Concernant le sauvetage d’Air Europa, Aldama a indiqué qu’il « ne comprend toujours pas » qu’Air Europa n’ait pas obtenu de prêt « dès la première minute » étant une entreprise stratégique, « quand cela a été fait avec Plus Ultra ». C’est ainsi qu’il a expliqué la pression qu’il a exercée sur Ábalos et Koldo pour obtenir le sauvetage et également pour obtenir le communiqué de presse destiné à rassurer les investisseurs de Globalia. En réalité, ils voulaient une déclaration officielle, mais le secrétaire d’État aux Transports, Pedro Saura, a refusé.
Interrogé par le procureur sur l’intervention du ministre Ábalos dans la préparation de cette note, Aldama a répondu qu’il ne comprenait pas pourquoi il s’était tenu à l’écart et avait laissé l’entière décision sur cette affaire à Pedro Saura. Pour le commissionnaire, la note était insuffisante car elle n’a fuité que vers les médias économiques et non vers les médias nationaux.
D’autre part, il a nié que Javier Hidalgo ait versé de l’argent à Koldo et Ábalos (un demi-million d’euros dans un sac de sport, comme l’a déclaré au tribunal un ancien associé du commissionnaire) pour « les rendre heureux » ou pour l’entreprise parce que l’ancien PDG de Globalia n’était pas du genre à payer des commissions et, de plus, il ne l’a jamais proposé, c’est pourquoi il a déconnecté la publication du communiqué de presse du paiement par Hidalgo des vacances d’Ábalos à Villa Parra à Marbella. Il a indiqué qu’il avait payé ce séjour comme cadeau au ministre pour la gestion de cette affaire.
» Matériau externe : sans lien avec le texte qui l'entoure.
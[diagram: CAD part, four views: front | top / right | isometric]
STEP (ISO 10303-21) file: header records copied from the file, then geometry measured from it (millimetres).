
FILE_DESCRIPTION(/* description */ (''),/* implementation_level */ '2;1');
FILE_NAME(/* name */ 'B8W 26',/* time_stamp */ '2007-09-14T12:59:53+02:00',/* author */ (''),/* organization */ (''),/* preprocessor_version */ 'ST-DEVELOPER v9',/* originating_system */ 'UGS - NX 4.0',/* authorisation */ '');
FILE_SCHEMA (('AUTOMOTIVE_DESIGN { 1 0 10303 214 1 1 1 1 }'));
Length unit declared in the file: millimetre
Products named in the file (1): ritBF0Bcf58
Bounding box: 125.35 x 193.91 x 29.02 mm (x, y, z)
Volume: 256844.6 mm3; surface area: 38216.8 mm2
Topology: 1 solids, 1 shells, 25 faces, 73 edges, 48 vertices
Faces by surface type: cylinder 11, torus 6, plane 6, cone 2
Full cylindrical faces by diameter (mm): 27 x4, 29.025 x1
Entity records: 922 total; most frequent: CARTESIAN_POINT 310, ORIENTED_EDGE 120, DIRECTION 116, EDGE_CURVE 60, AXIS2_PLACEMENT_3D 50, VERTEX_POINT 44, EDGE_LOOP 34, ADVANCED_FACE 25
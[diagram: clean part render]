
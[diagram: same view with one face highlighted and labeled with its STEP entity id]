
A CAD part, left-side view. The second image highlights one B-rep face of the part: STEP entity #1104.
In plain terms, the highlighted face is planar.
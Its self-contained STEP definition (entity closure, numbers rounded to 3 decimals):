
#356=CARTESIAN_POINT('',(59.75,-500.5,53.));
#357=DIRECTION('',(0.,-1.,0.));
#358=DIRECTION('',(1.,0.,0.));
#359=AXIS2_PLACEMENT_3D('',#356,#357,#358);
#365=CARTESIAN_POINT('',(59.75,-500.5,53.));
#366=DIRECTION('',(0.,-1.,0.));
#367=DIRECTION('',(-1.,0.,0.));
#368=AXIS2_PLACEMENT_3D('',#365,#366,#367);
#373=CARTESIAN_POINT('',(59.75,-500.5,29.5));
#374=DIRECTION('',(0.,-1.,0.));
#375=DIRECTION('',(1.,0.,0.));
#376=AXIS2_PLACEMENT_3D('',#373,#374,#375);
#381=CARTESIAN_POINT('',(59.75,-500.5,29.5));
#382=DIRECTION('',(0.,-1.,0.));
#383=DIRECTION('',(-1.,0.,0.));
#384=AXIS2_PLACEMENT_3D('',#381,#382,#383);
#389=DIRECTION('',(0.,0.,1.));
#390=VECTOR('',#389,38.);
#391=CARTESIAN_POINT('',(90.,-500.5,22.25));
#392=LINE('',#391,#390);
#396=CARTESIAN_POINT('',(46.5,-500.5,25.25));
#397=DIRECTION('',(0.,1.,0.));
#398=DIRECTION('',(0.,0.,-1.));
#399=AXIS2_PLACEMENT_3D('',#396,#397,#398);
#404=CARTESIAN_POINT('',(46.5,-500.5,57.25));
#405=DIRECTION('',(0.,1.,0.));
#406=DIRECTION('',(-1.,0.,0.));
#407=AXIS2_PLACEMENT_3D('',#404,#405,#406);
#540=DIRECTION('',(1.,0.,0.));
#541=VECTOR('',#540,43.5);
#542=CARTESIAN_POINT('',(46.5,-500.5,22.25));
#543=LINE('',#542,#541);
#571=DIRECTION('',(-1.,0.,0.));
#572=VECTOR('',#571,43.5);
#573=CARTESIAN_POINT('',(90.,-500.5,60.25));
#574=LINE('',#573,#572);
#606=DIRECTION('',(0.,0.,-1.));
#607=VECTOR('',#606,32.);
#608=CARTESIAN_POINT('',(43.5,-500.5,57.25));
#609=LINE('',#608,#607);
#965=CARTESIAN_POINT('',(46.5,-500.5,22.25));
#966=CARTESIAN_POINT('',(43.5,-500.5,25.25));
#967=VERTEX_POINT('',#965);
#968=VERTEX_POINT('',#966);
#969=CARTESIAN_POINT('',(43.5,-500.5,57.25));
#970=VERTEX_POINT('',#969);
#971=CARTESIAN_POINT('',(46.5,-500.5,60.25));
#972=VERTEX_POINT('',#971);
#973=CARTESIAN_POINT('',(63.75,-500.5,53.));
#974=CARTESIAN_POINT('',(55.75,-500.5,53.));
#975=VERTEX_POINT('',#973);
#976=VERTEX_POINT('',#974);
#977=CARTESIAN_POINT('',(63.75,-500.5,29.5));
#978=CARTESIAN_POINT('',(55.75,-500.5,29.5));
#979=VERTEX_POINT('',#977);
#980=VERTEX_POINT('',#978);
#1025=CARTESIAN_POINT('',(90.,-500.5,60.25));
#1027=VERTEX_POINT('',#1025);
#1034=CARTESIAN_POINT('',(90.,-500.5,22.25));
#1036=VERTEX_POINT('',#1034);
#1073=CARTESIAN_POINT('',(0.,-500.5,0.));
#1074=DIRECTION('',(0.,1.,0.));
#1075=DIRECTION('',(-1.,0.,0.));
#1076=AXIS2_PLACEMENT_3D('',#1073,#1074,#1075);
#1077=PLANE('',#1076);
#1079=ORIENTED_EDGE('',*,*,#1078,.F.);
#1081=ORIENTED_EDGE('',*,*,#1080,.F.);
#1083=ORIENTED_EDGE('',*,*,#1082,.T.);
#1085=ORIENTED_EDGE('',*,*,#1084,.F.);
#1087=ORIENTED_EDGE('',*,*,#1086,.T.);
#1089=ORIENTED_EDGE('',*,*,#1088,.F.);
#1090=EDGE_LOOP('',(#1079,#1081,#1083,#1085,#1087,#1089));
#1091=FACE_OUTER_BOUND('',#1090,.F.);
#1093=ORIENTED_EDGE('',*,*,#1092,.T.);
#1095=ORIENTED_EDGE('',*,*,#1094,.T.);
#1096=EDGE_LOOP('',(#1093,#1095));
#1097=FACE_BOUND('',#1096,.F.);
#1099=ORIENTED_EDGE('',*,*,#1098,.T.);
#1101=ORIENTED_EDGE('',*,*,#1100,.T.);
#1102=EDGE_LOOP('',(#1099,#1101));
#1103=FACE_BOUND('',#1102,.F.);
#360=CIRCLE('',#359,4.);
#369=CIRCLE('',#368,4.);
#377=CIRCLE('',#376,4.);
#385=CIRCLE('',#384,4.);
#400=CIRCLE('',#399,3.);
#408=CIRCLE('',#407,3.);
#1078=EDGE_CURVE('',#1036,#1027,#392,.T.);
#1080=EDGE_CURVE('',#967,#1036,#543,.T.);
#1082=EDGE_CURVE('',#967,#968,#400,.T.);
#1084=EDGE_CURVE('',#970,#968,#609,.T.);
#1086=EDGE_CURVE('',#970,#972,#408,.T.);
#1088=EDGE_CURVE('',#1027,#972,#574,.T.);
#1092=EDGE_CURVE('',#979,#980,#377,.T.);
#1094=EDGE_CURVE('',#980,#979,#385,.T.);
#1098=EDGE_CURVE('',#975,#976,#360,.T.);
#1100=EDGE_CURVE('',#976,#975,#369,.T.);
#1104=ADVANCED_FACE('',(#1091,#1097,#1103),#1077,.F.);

À la fin de l’interrogatoire par le procureur Luzón, Aldama a fait référence à la demande qu’il a faite à Carlos Moreno, chef de cabinet du ministre des Finances, María Jesús Montero, pour une dette de ses entreprises de l’État pilote. Aldama a indiqué qu’il l’avait fait parce qu’il avait déjà « une relation » d’avant. Il affirme en effet avoir « s’est entretenu à trois reprises » avec le chef du fisc pour discuter de cette question par l’intermédiaire de Moreno, à qui il prétend avoir donné 25 000 euros en espèces.